И тогда омрачённому Шингарёву Павел Николаевич тихим голосом объяснил:
– Да что, Андрей Иваныч. Мы-то с вами знаем, что вы никакой не финансист. Знания ваши по финансам – популярного лектора, из народного университета. Так можно вас посчитать и специалистом по военно-морскому делу, раз вы в комиссии председательствовали. В конце концов, разве вы углубились до производительных сил государства, как направить экономику? Ваши заботы были – о справедливости прямых и косвенных налогов, они диктовались вашим прекрасным народолюбием. Так в этом смысле вам ещё больший простор будет на продовольствии. Последние месяцы вы им и занимались, удачно оппонировали Риттиху, – вот и займите его место.
И во всём этом – да, была какая-то правда. Павел Николаевич умел говорить убедительно. Однако, всё же, столько лет труда, усилий – и…? Но положение было вообще – не возражательное. В такие дни на какой бы пост ни назначила партия, надо брать. Шингарёв и раньше всегда привык: брать всякое новое дело, тянуть, и на этом учиться. И на военно-морском деле он не такой уж был несведущий, да. И о продовольствии – тоже уже подумал немало, верно, да.
Почему это всё переместилось – Шингарёв не настаивал знать. Но настолько он был обескуражен и так обидно, что не догадался даже спросить: кто же будет министром финансов.
Уже уйдя, подумал: а почему же всё-таки не обсудили раньше, а так – за глаза, без спросу?
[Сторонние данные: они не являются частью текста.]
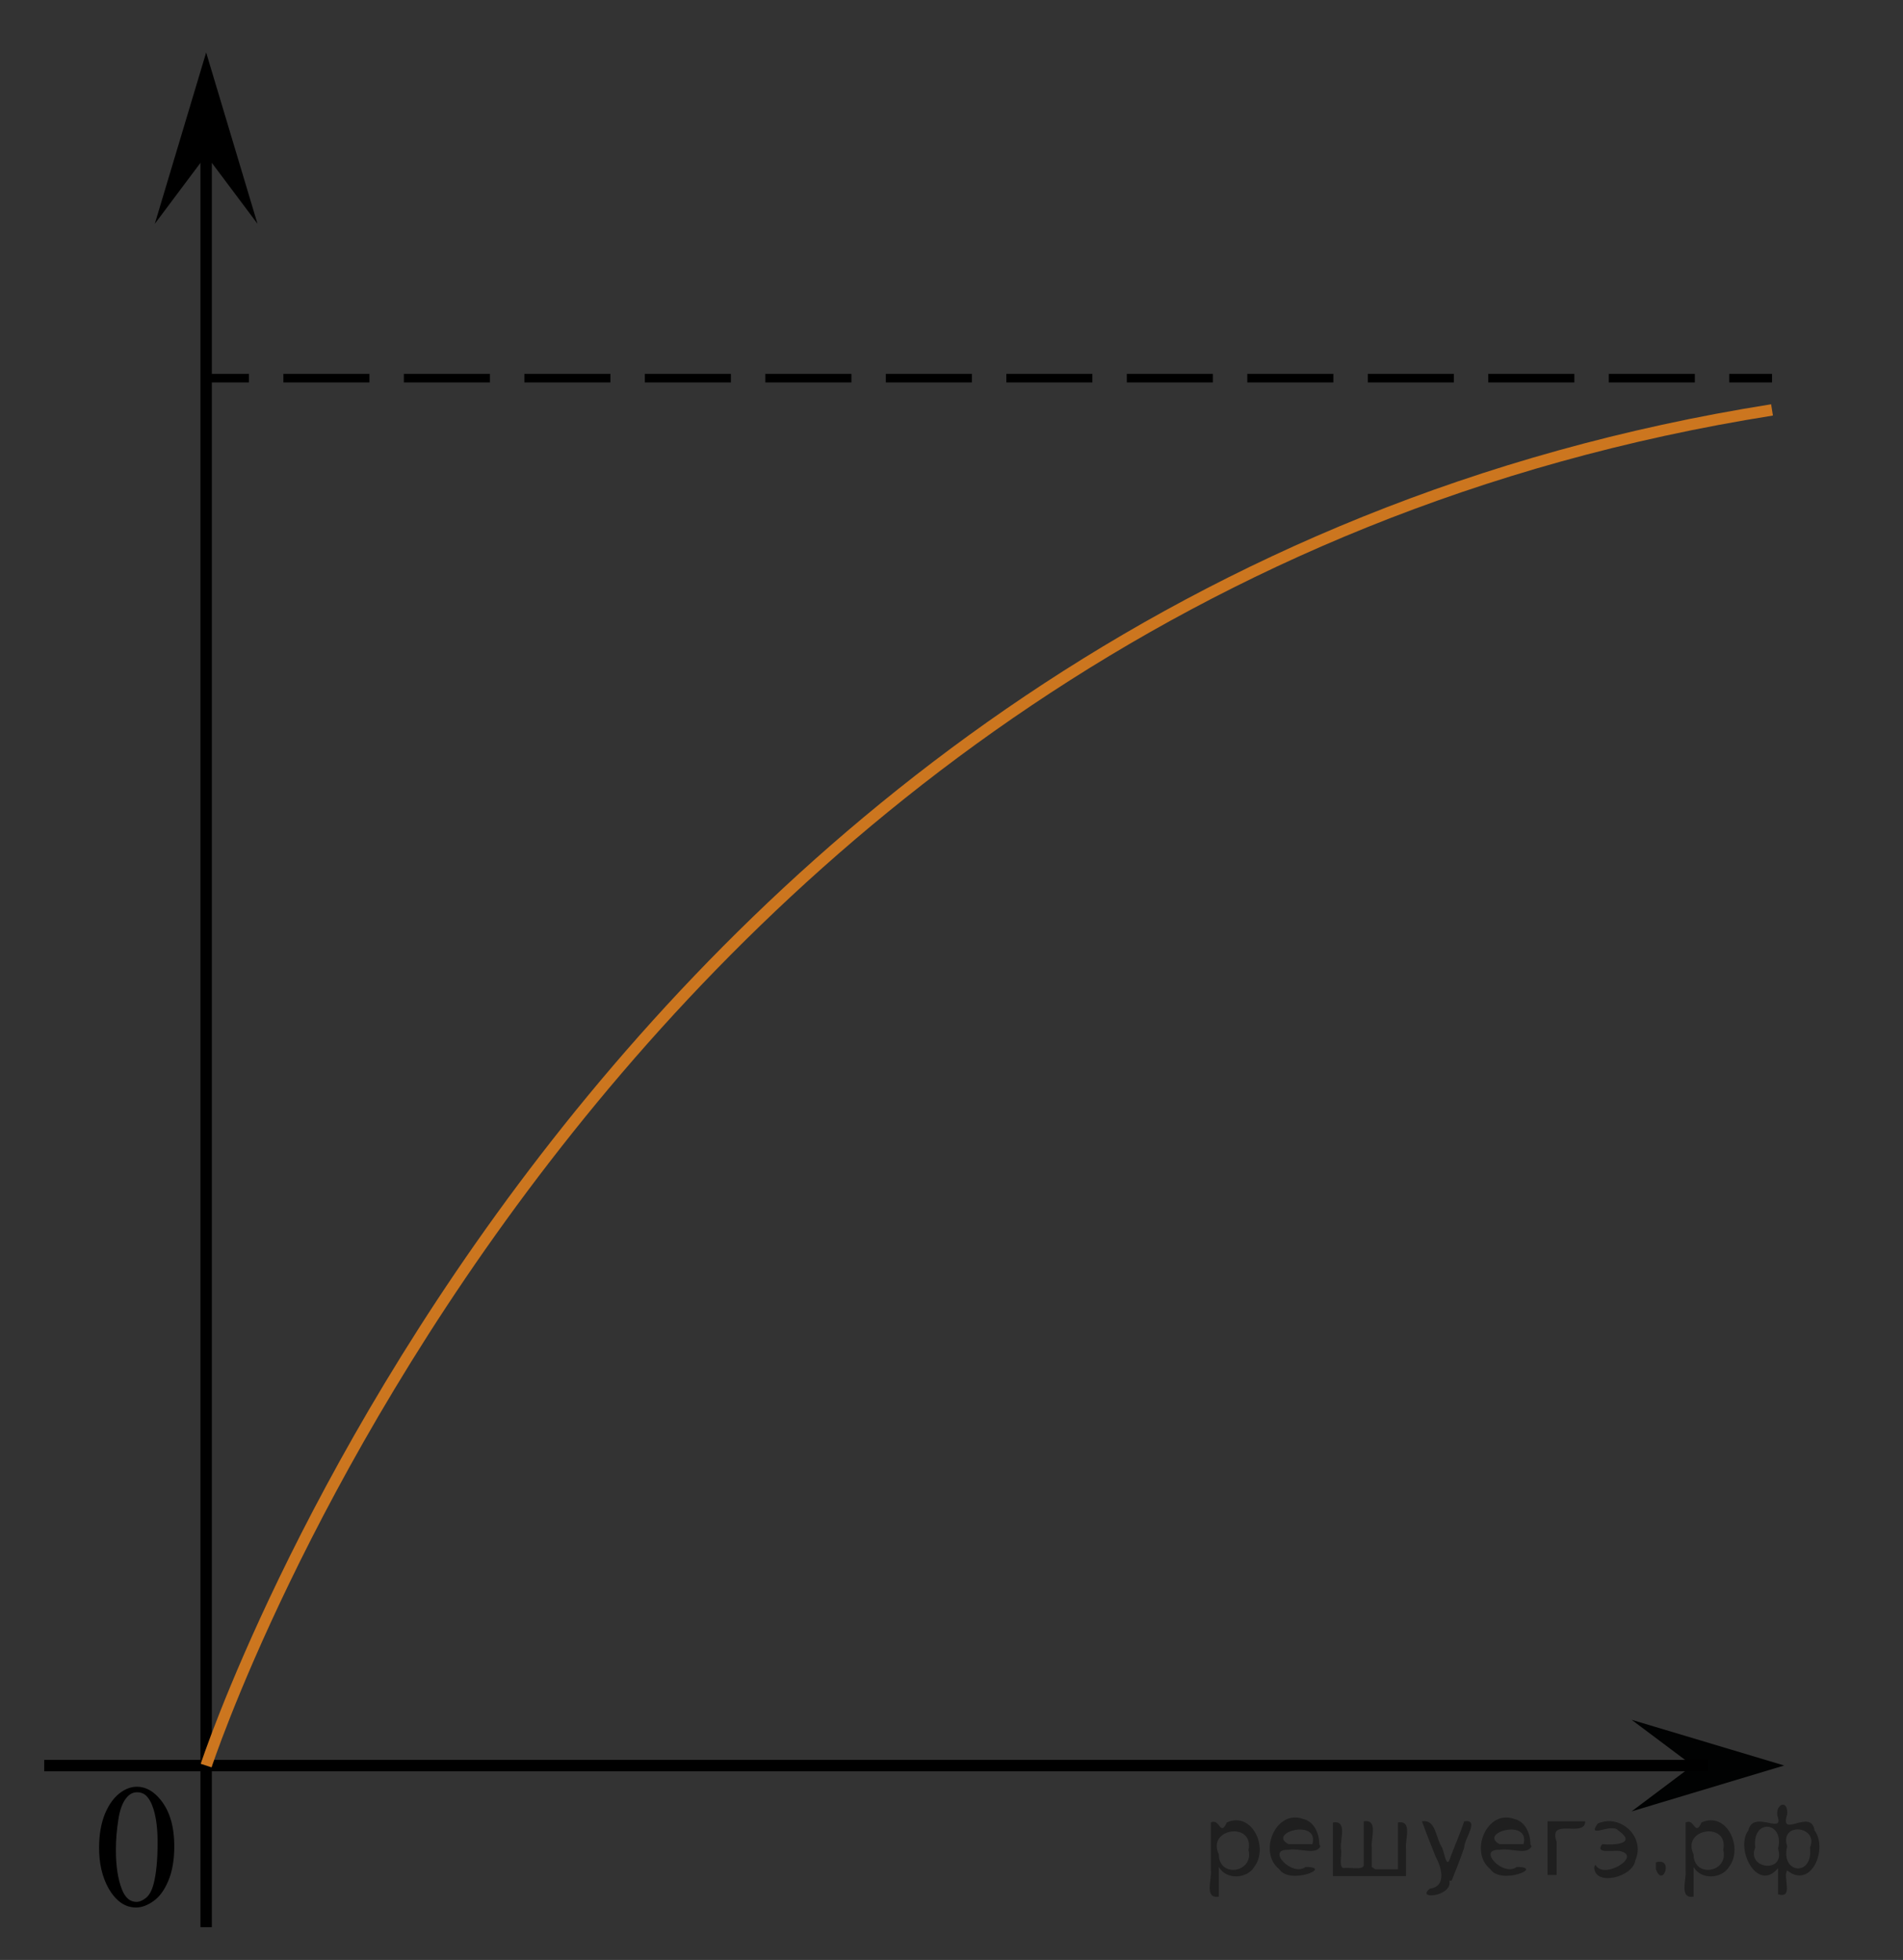<?xml version="1.0" encoding="utf-8"?>
<!-- Generator: Adobe Illustrator 16.0.0, SVG Export Plug-In . SVG Version: 6.00 Build 0)  -->
<!DOCTYPE svg PUBLIC "-//W3C//DTD SVG 1.1//EN" "http://www.w3.org/Graphics/SVG/1.1/DTD/svg11.dtd">
<svg version="1.1" id="Слой_1" xmlns="http://www.w3.org/2000/svg" xmlns:xlink="http://www.w3.org/1999/xlink" x="0px" y="0px"
	 width="166.75px" height="171.75px" viewBox="0 0 166.75 171.75" enable-background="new 0 0 166.75 171.75" xml:space="preserve">
<rect x="0" y="0" width="166.75" height="171.75" fill="#333333" stroke="none"/>
<path fill="#FFFFFF" stroke="#000000" stroke-miterlimit="10" d="M1.618-0.907"/>
<path fill="#FFFFFF" stroke="#000000" stroke-miterlimit="10" d="M168.367,170.843"/>
<g>
	<g>
		<path d="M8.683,161.924c0-1.162,0.174-2.162,0.521-3c0.354-0.842,0.816-1.467,1.398-1.875c0.451-0.318,0.918-0.48,1.4-0.48
			c0.771,0,1.479,0.396,2.104,1.188c0.775,0.982,1.166,2.321,1.166,4.016c0,1.188-0.17,2.188-0.512,3.013
			c-0.344,0.825-0.777,1.431-1.313,1.804c-0.521,0.373-1.039,0.563-1.523,0.563c-0.979,0-1.785-0.572-2.438-1.726
			C8.95,164.448,8.683,163.285,8.683,161.924z M10.155,162.107c0,1.398,0.172,2.55,0.52,3.436c0.285,0.745,0.715,1.118,1.273,1.118
			c0.27,0,0.559-0.12,0.85-0.358c0.291-0.24,0.514-0.646,0.662-1.226c0.229-0.854,0.35-2.071,0.35-3.646
			c0-1.16-0.121-2.131-0.359-2.901c-0.184-0.576-0.414-0.981-0.701-1.229c-0.201-0.166-0.447-0.248-0.738-0.248
			c-0.348,0-0.646,0.148-0.908,0.459c-0.361,0.416-0.605,1.064-0.736,1.959C10.224,160.364,10.155,161.244,10.155,162.107z"/>
	</g>
</g>
<polygon points="18.064,13.604 13.564,19.612 18.064,4.6 22.564,19.612 "/>
<polygon fill="#010202" points="148.316,154.712 142.967,150.703 156.338,154.709 142.969,158.729 "/>
<line fill="none" stroke="#000000" stroke-miterlimit="10" x1="18.064" y1="168.875" x2="18.064" y2="9.139"/>
<line fill="none" stroke="#000000" stroke-miterlimit="10" x1="3.875" y1="154.716" x2="149.652" y2="154.716"/>
<path fill="none" stroke="#CC761F" stroke-miterlimit="10" d="M155.273,35.921C51.606,52.338,18.064,154.716,18.064,154.716"/>
<g>
	<line fill="none" x1="18.064" y1="33.139" x2="155.273" y2="33.139"/>
	<g>
		
			<line fill="none" stroke="#000000" stroke-width="0.75" stroke-miterlimit="10" x1="18.064" y1="33.139" x2="21.814" y2="33.139"/>
		
			<line fill="none" stroke="#000000" stroke-width="0.75" stroke-miterlimit="10" stroke-dasharray="7.541,3.017" x1="24.831" y1="33.139" x2="150.016" y2="33.139"/>
		
			<line fill="none" stroke="#000000" stroke-width="0.75" stroke-miterlimit="10" x1="151.523" y1="33.139" x2="155.273" y2="33.139"/>
	</g>
</g>
<path fill="none" stroke="#CC761F" stroke-width="1.25" stroke-linecap="round" stroke-linejoin="round" stroke-miterlimit="10" d="
	M18.064,154.421"/>
<g style="stroke:none;fill:#000;fill-opacity:0.4" > <path d="m 106.8,163.7 c 0,0.8 0,1.6 0,2.5 -1.3,0.2 -0.6,-1.5 -0.7,-2.3 0,-1.4 0,-2.8 0,-4.2 0.8,-0.4 0.8,1.3 1.4,0.0 2.2,-1.0 3.7,2.2 2.4,3.9 -0.6,1.0 -2.4,1.2 -3.1,0.0 z m 2.6,-1.6 c 0.5,-2.5 -3.7,-1.9 -2.6,0.4 0.0,2.1 3.1,1.6 2.6,-0.4 z" /> <path d="m 115.7,161.8 c -0.4,0.8 -1.9,0.1 -2.8,0.3 -2.0,-0.1 0.3,2.4 1.5,1.5 2.5,0.0 -1.4,1.6 -2.3,0.2 -1.9,-1.5 -0.3,-5.3 2.1,-4.4 0.9,0.2 1.4,1.2 1.4,2.2 z m -0.7,-0.2 c 0.6,-2.3 -4.0,-1.0 -2.1,0.0 0.7,0 1.4,-0.0 2.1,-0.0 z" /> <path d="m 120.5,163.8 c 0.6,0 1.3,0 2.0,0 0,-1.3 0,-2.7 0,-4.1 1.3,-0.2 0.6,1.5 0.7,2.3 0,0.8 0,1.6 0,2.4 -2.1,0 -4.2,0 -6.4,0 0,-1.5 0,-3.1 0,-4.7 1.3,-0.2 0.6,1.5 0.7,2.3 0.1,0.5 -0.2,1.6 0.2,1.7 0.5,-0.1 1.6,0.2 1.8,-0.2 0,-1.3 0,-2.6 0,-3.9 1.3,-0.2 0.6,1.5 0.7,2.3 0,0.5 0,1.1 0,1.7 z" /> <path d="m 127.0,164.8 c 0.3,1.4 -3.0,1.7 -1.7,0.7 1.5,-0.2 1.0,-1.9 0.5,-2.8 -0.4,-1.0 -0.8,-2.0 -1.2,-3.1 1.2,-0.2 1.2,1.4 1.7,2.2 0.2,0.2 0.4,1.9 0.7,1.2 0.4,-1.1 0.9,-2.2 1.3,-3.4 1.4,-0.2 0.0,1.5 -0.0,2.3 -0.3,0.9 -0.7,1.9 -1.1,2.9 z" /> <path d="m 134.2,161.8 c -0.4,0.8 -1.9,0.1 -2.8,0.3 -2.0,-0.1 0.3,2.4 1.5,1.5 2.5,0.0 -1.4,1.6 -2.3,0.2 -1.9,-1.5 -0.3,-5.3 2.1,-4.4 0.9,0.2 1.4,1.2 1.4,2.2 z m -0.7,-0.2 c 0.6,-2.3 -4.0,-1.0 -2.1,0.0 0.7,0 1.4,-0.0 2.1,-0.0 z" /> <path d="m 135.6,164.3 c 0,-1.5 0,-3.1 0,-4.7 1.1,0 2.2,0 3.3,0 0.0,1.5 -3.3,-0.4 -2.5,1.8 0,0.9 0,1.9 0,2.9 -0.2,0 -0.5,0 -0.7,0 z" /> <path d="m 139.8,163.4 c 0.7,1.4 4.2,-0.8 2.1,-1.2 -0.5,-0.1 -2.2,0.3 -1.5,-0.6 1.0,0.1 3.1,0.0 1.4,-1.2 -0.6,-0.7 -2.8,0.8 -1.8,-0.6 2.0,-0.9 4.2,1.2 3.3,3.2 -0.2,1.5 -3.5,2.3 -3.6,0.7 l 0,-0.1 0,-0.0 0,0 z" /> <path d="m 145.1,163.2 c 1.6,-0.5 0.6,2.3 -0.0,0.6 -0.0,-0.2 0.0,-0.4 0.0,-0.6 z" /> <path d="m 148.4,163.7 c 0,0.8 0,1.6 0,2.5 -1.3,0.2 -0.6,-1.5 -0.7,-2.3 0,-1.4 0,-2.8 0,-4.2 0.8,-0.4 0.8,1.3 1.4,0.0 2.2,-1.0 3.7,2.2 2.4,3.9 -0.6,1.0 -2.4,1.2 -3.1,0.0 z m 2.6,-1.6 c 0.5,-2.5 -3.7,-1.9 -2.6,0.4 0.0,2.1 3.1,1.6 2.6,-0.4 z" /> <path d="m 153.8,161.9 c -0.8,1.9 2.7,2.3 2.0,0.1 0.6,-2.4 -2.3,-2.7 -2.0,-0.1 z m 2.0,4.2 c 0,-0.8 0,-1.6 0,-2.4 -1.8,2.2 -3.8,-1.7 -2.6,-3.3 0.4,-1.8 3.0,0.3 2.6,-1.1 -0.4,-1.1 0.9,-1.8 0.8,-0.3 -0.7,2.2 2.1,-0.6 2.4,1.4 1.2,1.6 -0.3,5.2 -2.4,3.5 -0.4,0.6 0.6,2.5 -0.8,2.1 z m 2.8,-4.2 c 0.8,-1.9 -2.7,-2.3 -2.0,-0.1 -0.6,2.4 2.3,2.7 2.0,0.1 z" /> </g></svg>

<!--File created and owned by https://sdamgia.ru. Copying is prohibited. All rights reserved.-->

Как странно и неколлегиально создавалось такое желанное министерство общественного доверия!…
А для Шингарёва это был выбор жизненного пути на всю теперь революцию.
А уж в земледелии – он был знаток совсем никакой, разве только от критики столыпинской реформы.
Но возвратясь в Продовольственную комиссию (и ничего не сказав социалистам), перечитал своё вчерашнее воззвание – и снова пронялся чистотой и трогательностью чувства. А вот рядились цифры, цифры, – не всё ли равно какого министерства, в рублях или пудах, – за ними стояли красавцы-колосья и колебалась сама народная жизнь, которую и надо поднять из разорения к расцвету.
Ощутил Андрей Иваныч за час, за два, что он уже простил обиду. И смирился.
И даже уже ему нравилось стать министром земледелия.
Это возрождающее, возобновляющее, восстающее чувство гнездилось в самой сути его души: из-под любого обвала, пожарища, пепла – сколько раз оно само, и быстро, вновь поднимало его к устойчивости и свету.
324
Эти дани Шляпников не мог ни на чём успокоиться, и не знал верного места, где ему быть.